RECORDS FOR THE EXERCISE Block Start

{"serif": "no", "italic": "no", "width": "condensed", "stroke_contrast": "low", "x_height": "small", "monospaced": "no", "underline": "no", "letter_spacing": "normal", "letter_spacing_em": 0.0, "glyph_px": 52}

RECORDS FOR THE EXERCISE Block End
RECORDS FOR THE EXERCISE Block Start

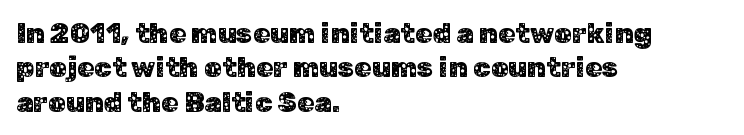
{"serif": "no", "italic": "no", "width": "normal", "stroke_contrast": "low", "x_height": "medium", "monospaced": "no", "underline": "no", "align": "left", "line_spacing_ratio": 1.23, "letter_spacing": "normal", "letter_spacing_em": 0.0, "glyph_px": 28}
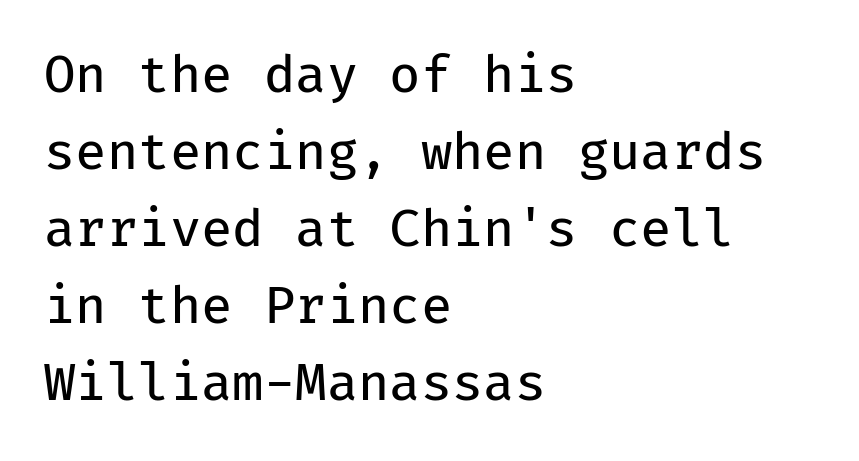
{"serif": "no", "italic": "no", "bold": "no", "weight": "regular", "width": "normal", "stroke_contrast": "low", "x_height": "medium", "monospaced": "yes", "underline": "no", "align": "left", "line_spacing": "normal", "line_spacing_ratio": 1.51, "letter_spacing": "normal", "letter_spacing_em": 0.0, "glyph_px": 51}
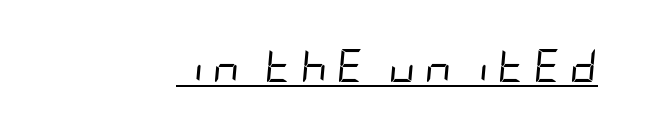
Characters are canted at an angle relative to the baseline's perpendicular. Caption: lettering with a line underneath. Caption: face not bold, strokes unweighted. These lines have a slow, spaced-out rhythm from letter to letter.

RECORDS FOR THE EXERCISE Block End

## AIM OF THE TASK
Each line of the data that holds "underline" should be reported.

## EXERCISE RESULT
{"serif": "no", "italic": "no", "width": "condensed", "stroke_contrast": "low", "x_height": "small", "monospaced": "no", "underline": "no", "letter_spacing": "normal", "letter_spacing_em": 0.0, "glyph_px": 52}
{"serif": "no", "italic": "no", "width": "normal", "stroke_contrast": "low", "x_height": "medium", "monospaced": "no", "underline": "no", "align": "left", "line_spacing_ratio": 1.23, "letter_spacing": "normal", "letter_spacing_em": 0.0, "glyph_px": 28}
{"serif": "no", "italic": "no", "bold": "no", "weight": "regular", "width": "normal", "stroke_contrast": "low", "x_height": "medium", "monospaced": "yes", "underline": "no", "align": "left", "line_spacing": "normal", "line_spacing_ratio": 1.51, "letter_spacing": "normal", "letter_spacing_em": 0.0, "glyph_px": 51}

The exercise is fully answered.